#### Instructions for the task:
Once you find the line containing "དགེ །དེ་ལ་འདིར", output it and every line after it to the end of the records, exactly.

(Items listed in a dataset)
━━━━━━━━━━━━━━━━━━━━

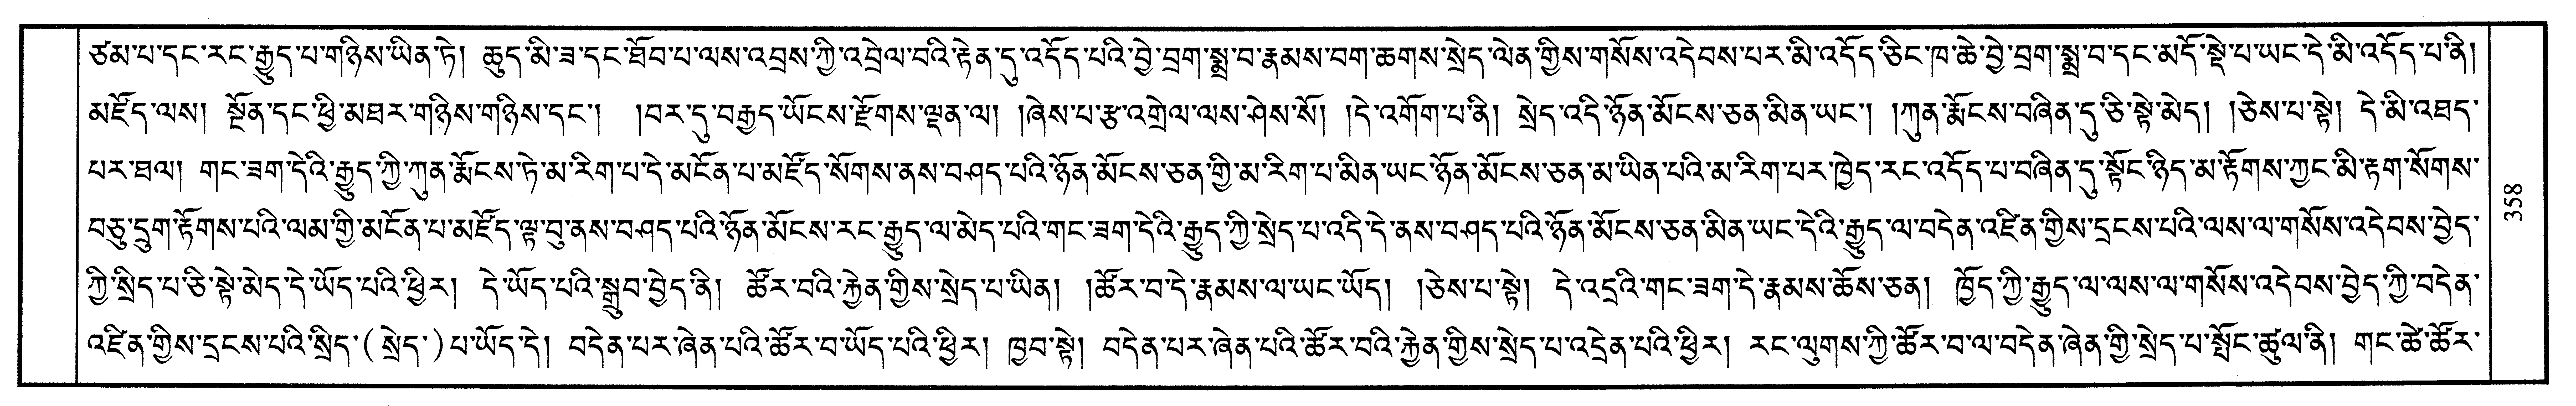ཙམ་པ་དང་རང་རྒྱུད་པ་གཉིས་ཡིན་ཏེ། ཆུད་མི་ཟ་དང་ཐོབ་པ་ལས་འབྲས་ཀྱི་འབྲེལ་བའི་རྟེན་དུ་འདོད་པའི་བྱེ་བྲག་སྨྲ་བ་རྣམས་བག་ཆགས་སྲེད་ལེན་གྱིས་གསོས་འདེབས་པར་མི་འདོད་ཅིང་ཁ་ཆེ་བྱེ་བྲག་སྨྲ་བ་དང་མདོ་སྡེ་པ་ཡང་དེ་མི་འདོད་པ་ནི།
མཛོད་ལས། སྔོན་དང་ཕྱི་མཐར་གཉིས་གཉིས་དང་། །བར་དུ་བརྒྱད་ཡོངས་རྫོགས་ལྡན་ལ། །ཞེས་པ་རྩ་འགྲེལ་ལས་ཤེས་སོ། །དེ་འགོག་པ་ནི། སྲེད་འདི་ཉོན་མོངས་ཅན་མིན་ཡང་། །ཀུན་རྨོངས་བཞིན་དུ་ཅི་སྟེ་མེད། །ཅེས་པ་སྟེ། དེ་མི་འཐད་
པར་ཐལ། གང་ཟག་དེའི་རྒྱུད་ཀྱི་ཀུན་རྨོངས་ཏེ་མ་རིག་པ་དེ་མངོན་པ་མཛོད་སོགས་ནས་བཤད་པའི་ཉོན་མོངས་ཅན་གྱི་མ་རིག་པ་མིན་ཡང་ཉོན་མོངས་ཅན་མ་ཡིན་པའི་མ་རིག་པར་ཁྱེད་རང་འདོད་པ་བཞིན་དུ་སྟོང་ཉིད་མ་རྟོགས་ཀྱང་མི་རྟག་སོགས་
བཅུ་དྲུག་རྟོགས་པའི་ལམ་གྱི་མངོན་པ་མཛོད་ལྟ་བུ་ནས་བཤད་པའི་ཉོན་མོངས་རང་རྒྱུད་ལ་མེད་པའི་གང་ཟག་དེའི་རྒྱུད་ཀྱི་སྲེད་པ་འདི་དེ་ནས་བཤད་པའི་ཉོན་མོངས་ཅན་མིན་ཡང་དེའི་རྒྱུད་ལ་བདེན་འཛིན་གྱིས་དྲངས་པའི་ལས་ལ་གསོས་འདེབས་བྱེད་
ཀྱི་སྲིད་པ་ཅི་སྟེ་མེད་དེ་ཡོད་པའི་ཕྱིར། དེ་ཡོད་པའི་སྒྲུབ་བྱེད་ནི། ཚོར་བའི་རྐྱེན་གྱིས་སྲེད་པ་ཡིན། །ཚོར་བ་དེ་རྣམས་ལ་ཡང་ཡོད། །ཅེས་པ་སྟེ། དེ་འདྲའི་གང་ཟག་དེ་རྣམས་ཆོས་ཅན། ཁྱོད་ཀྱི་རྒྱུད་ལ་ལས་ལ་གསོས་འདེབས་བྱེད་ཀྱི་བདེན་
འཛིན་གྱིས་དྲངས་པའི་སྲིད་སྲེད་པ་ཡོད་དེ། བདེན་པར་ཞེན་པའི་ཚོར་བ་ཡོད་པའི་ཕྱིར། ཁྱབ་སྟེ། བདེན་པར་ཞེན་པའི་ཚོར་བའི་རྐྱེན་གྱིས་སྲེད་པ་འདྲེན་པའི་ཕྱིར། རང་ལུགས་ཀྱི་ཚོར་བ་ལ་བདེན་ཞེན་གྱི་སྲེད་པ་སྤོང་ཚུལ་ནི། གང་ཚེ་ཚོར་
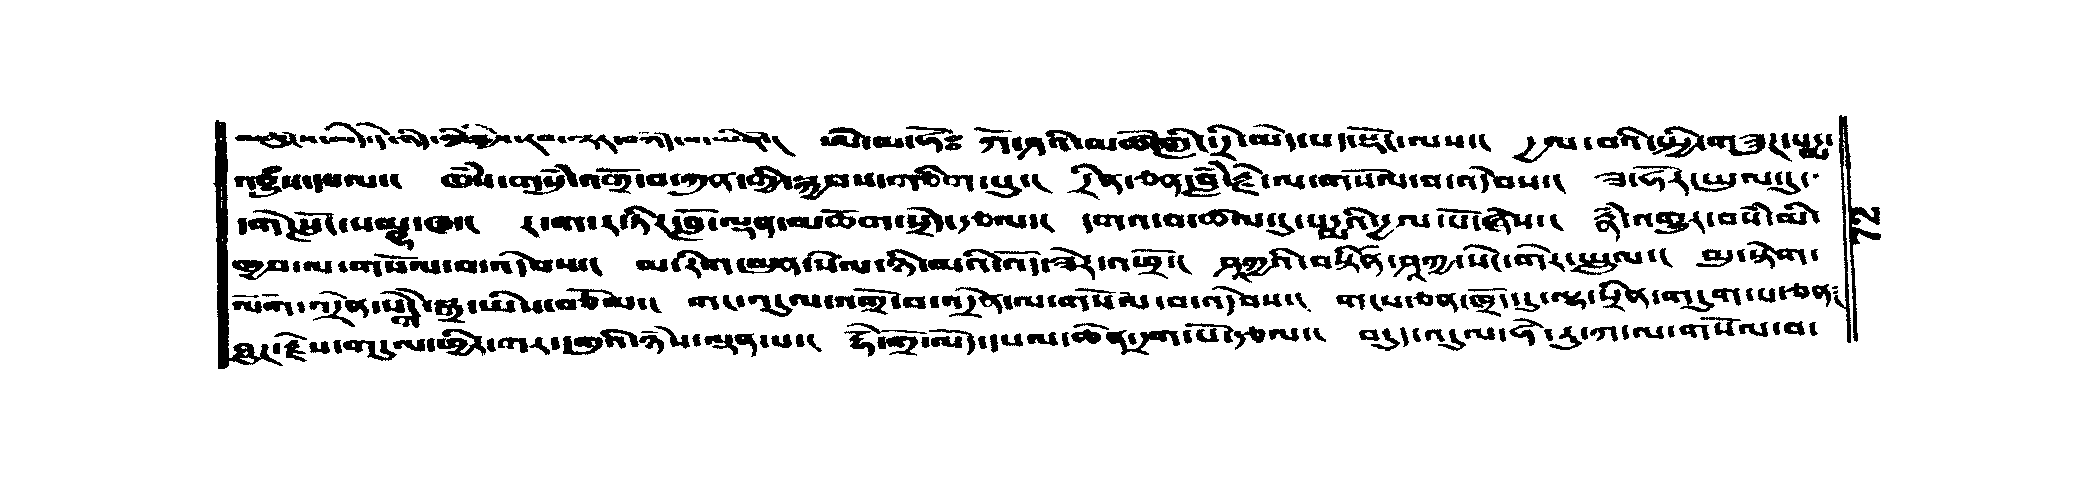མཚུངས་མེད་དེ་ཉིད་ཀྱི་སྐྱེས་རབས་ལྟར་བཀོད་པ་ཡིན་ནོ།། ཨེ་མ་ཧོ། ཀོ་ཤའི་མཚོ་གླིང་དྲི་མེད་པད་སྡོང་ལས། །རྒྱལ་བའི་སྤྱི་གཟུགས་པདྨ་
འབྱུང་གནས་དཔལ། །ཁམས་གསུམ་འགྲོ་བ་ཀུན་གྱི་སྐྱབས་གཅིག་པུ། །དྲིན་ཅན་བླ་མ་རྗེ་ལ་གསོལ་བ་འདེབས། །ཟ་ཧོར་ཡུལ་དུ་
དགེ་སློང་སམྦྷ་ཝ། །ར་ག་ར་ཏིར་བློ་ལྡན་མཆོག་སྲེད་རྩལ། །དགའ་བའི་འཚལ་དུ་པདྨ་རྒྱལ་པོ་ཞེས། །རྣམ་འགྱུར་བསམ་མི་
ཁྱབ་ལ་གསོལ་བ་འདེབས། །མ་རིག་མུན་སེལ་ཉི་མའི་འོད་ཟེར་འཕྲོ། །ཤཱཀྱའི་བསྟན་འཛིན་ཤཱཀྱ་སེང་གེར་སྤྲུལ། །མུ་སྟེགས་
ལོག་འདྲེན་སེངྒེ་སྒྲ་ཡིས་བཅོམ། །གང་འདུལ་འགྲོ་བ་འདྲེན་ལ་གསོལ་བ་འདེབས། །གངས་ཅན་ཁྲོད་དུ་ལྷ་སྲིན་གདུག་པ་ཅན། །
ཐུགས་རྗེས་གདུལ་ཕྱིར་གར་དགུའི་ཉམས་ལྡན་པ། །རྡོ་རྗེ་གྲོ་ལོད་དཔལ་ཆེན་དྲག་པོ་རྩལ། །བདུད་འདུལ་ཧེ་རུ་ཀ་ལ་གསོལ་བ་
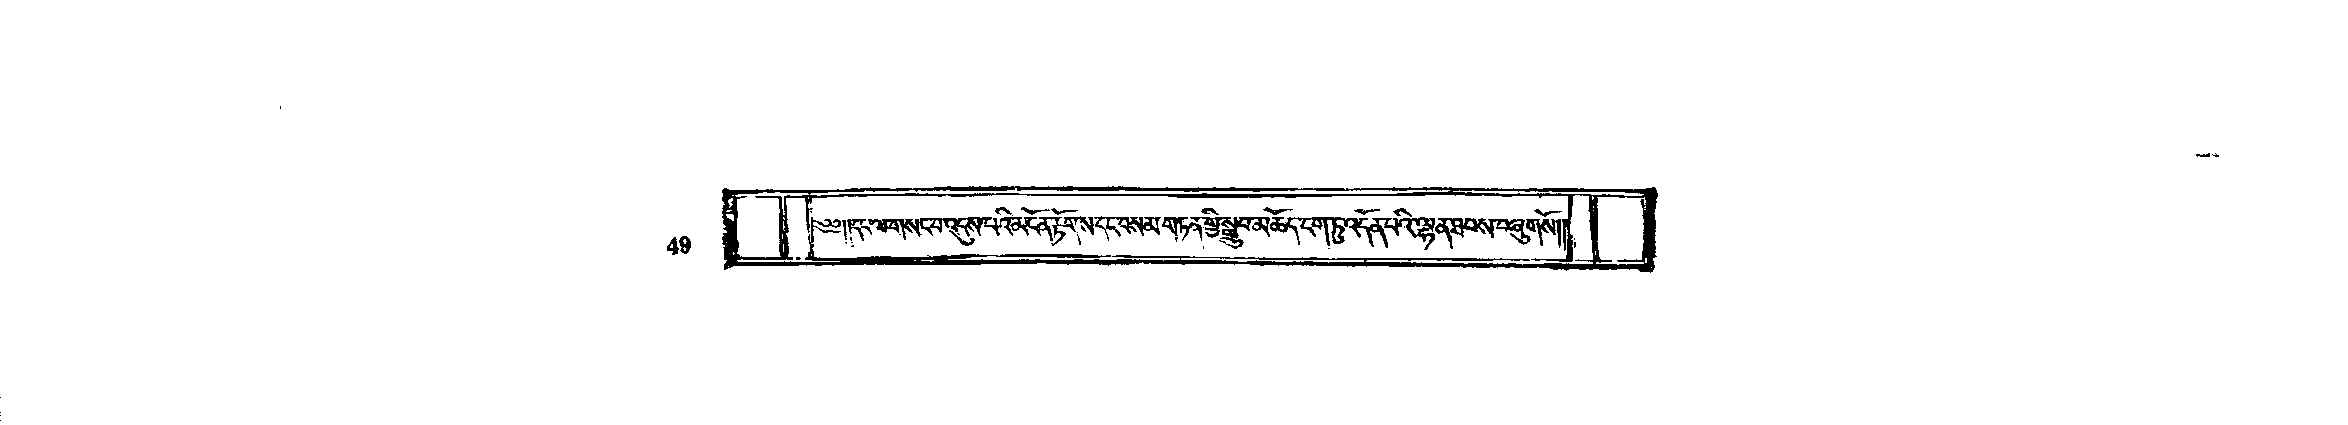༄༅། །དཔལ་གསང་བ་འདུས་པའི་མངོན་རྟོགས་དང་བསམ་གཏན་གྱི་སྒྲུབ་མཆོད་ངག་ཏུ་འདོན་པའི་ལྷན་ཐབས་བཞུགས་སོ། །
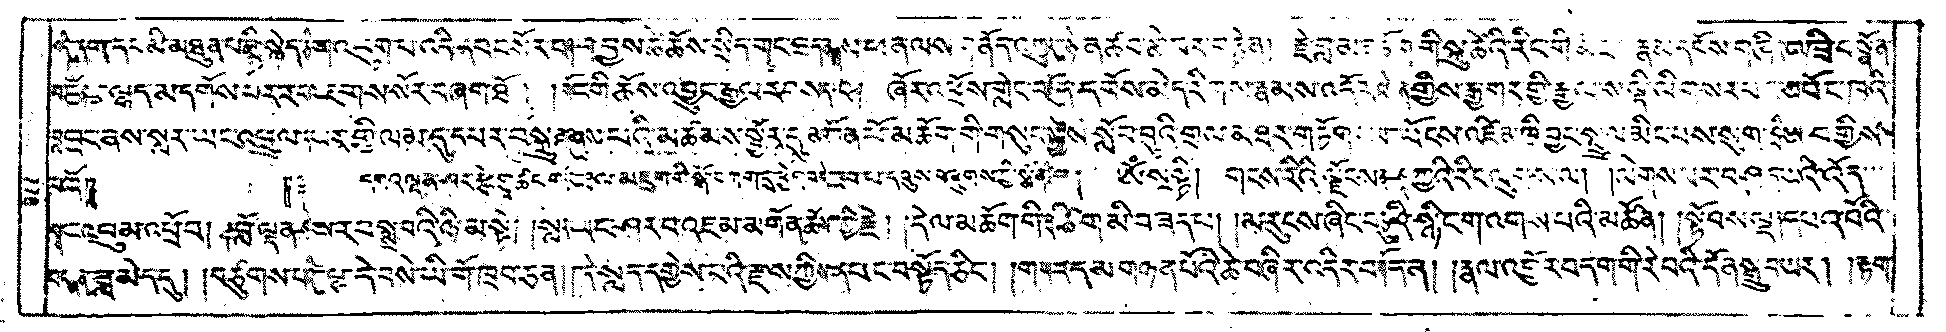ཐུན་དངོས་གྲུབ་བྱེ་བའི་བྱིན་ཕོབས་ཤིག །གང་ཐུགས་གཅིག་ལས་ཤར་བའི་སྤྲུལ་པའི་གར། །འབུམ་ཕྲག་ཟླ་གཞོན་འོད་དཀར་སྐྱེངས་བྱེད་པའི། །སྟོབས་ལྡན་ལྷ་ཡི་གིང་ཆེན་ཚངས་པ་ཆེ། །འཁོར་བཅས་མ་གཡེལ་
རྣམ་བཞིའི་ལས་ལ་ཆོས། །སྙན་འཇེབས་བརྗིད་ཆགས་འགྱུར་ཁུག་ང་རོ་ཡིས། །ཟབ་དོན་དབྱངས་སུ་གྱེར་བས་དམ་ཅན་རྣམས། །ཐོགས་མེད་ལས་ལ་བསྐུལ་བའི་ཡི་གེའི་རིས། །མ་འདྲེས་གསལ་བར་བཀོད་པ་འདི་ན་
དགེ །དེ་ལ་འདིར་ལ་མོ་དགོན་ཁག་གསུམ་གྱི་རིག་སྔགས་འཆང་བ་རྣམས་ནས་ལྷ་ཆེན་ཚངས་པ་ཆེན་པོའི་སྤྱན་འདྲེན་བསྐང་བ་བསྟོད་པ་སོགས་ཀྱི་དབྱངས་རོལ་ཇི་ལྟར་མཛད་སྲོལ་རྣམས་མི་ནུབ་པའི་ཕྱིར་ནག་འགྲོས་སུ་
འགོད་པ་ལ་྾་྾་྾་྾་སླར་སྨྲས་པ། དེ་ལྟར་བསྟན་སྲུང་ལས་ལ་བསྐུལ་བའི་དབྱངས། །སྙན་བརྗིད་རོལ་མོའི་སྒྲ་དང་འགྲོགས་པའི་དཔལ། །མི་བཟོད་དྲི་ཟའི་ན་ཆུང་མཚོ་ལྡན་མ། །འཇོ་སྒེག་གར་གྱིས་བཻཌཱུར་རྒྱུད་མང་
སྒྲེང་། །འདི་ནི་ལྷ་མཆོག་དཔའ་བོ་དགྱེས་བསྐྱེད་པའི། །བདེ་སྐྱོང་ཌཱ་ཀི་རོལ་པའི་མགྲིན་གླུ་སྟེ། །དམ་ཉམས་ཁྲག་གིས་མྱོས་པའི་སྡང་མིག་ཅན། །འཇིགས་རུང་ཁྲོ་བོ་འབོད་པའི་ངར་སྒྲའང་ཡིན། །འདི་ལྟར་བསྙེན་པས་
བསྟན་སྲུང་ཕྱི་རོལ་ནས། །མ་དམིགས་རང་སྣང་གཉུག་མའི་གཤིས་ཉིད་དུ། །ངེས་རྙེད་གསང་བ་མཆོག་གི་རྣལ་འབྱོར་གྱིས། །གཉིས་འཛིན་འཁྲུལ་བའི་དགྲ་བོ་གཞོམ་གྱུར་ཅིག །ཅེས་པ་འདི་ནི་ལྷ་མཆོག་ཚངས་པ་ཆེན་

━━━━━━━━━━━━━━━━━━━━

#### The completed task:
དགེ །དེ་ལ་འདིར་ལ་མོ་དགོན་ཁག་གསུམ་གྱི་རིག་སྔགས་འཆང་བ་རྣམས་ནས་ལྷ་ཆེན་ཚངས་པ་ཆེན་པོའི་སྤྱན་འདྲེན་བསྐང་བ་བསྟོད་པ་སོགས་ཀྱི་དབྱངས་རོལ་ཇི་ལྟར་མཛད་སྲོལ་རྣམས་མི་ནུབ་པའི་ཕྱིར་ནག་འགྲོས་སུ་
འགོད་པ་ལ་྾་྾་྾་྾་སླར་སྨྲས་པ། དེ་ལྟར་བསྟན་སྲུང་ལས་ལ་བསྐུལ་བའི་དབྱངས། །སྙན་བརྗིད་རོལ་མོའི་སྒྲ་དང་འགྲོགས་པའི་དཔལ། །མི་བཟོད་དྲི་ཟའི་ན་ཆུང་མཚོ་ལྡན་མ། །འཇོ་སྒེག་གར་གྱིས་བཻཌཱུར་རྒྱུད་མང་
སྒྲེང་། །འདི་ནི་ལྷ་མཆོག་དཔའ་བོ་དགྱེས་བསྐྱེད་པའི། །བདེ་སྐྱོང་ཌཱ་ཀི་རོལ་པའི་མགྲིན་གླུ་སྟེ། །དམ་ཉམས་ཁྲག་གིས་མྱོས་པའི་སྡང་མིག་ཅན། །འཇིགས་རུང་ཁྲོ་བོ་འབོད་པའི་ངར་སྒྲའང་ཡིན། །འདི་ལྟར་བསྙེན་པས་
བསྟན་སྲུང་ཕྱི་རོལ་ནས། །མ་དམིགས་རང་སྣང་གཉུག་མའི་གཤིས་ཉིད་དུ། །ངེས་རྙེད་གསང་བ་མཆོག་གི་རྣལ་འབྱོར་གྱིས། །གཉིས་འཛིན་འཁྲུལ་བའི་དགྲ་བོ་གཞོམ་གྱུར་ཅིག །ཅེས་པ་འདི་ནི་ལྷ་མཆོག་ཚངས་པ་ཆེན་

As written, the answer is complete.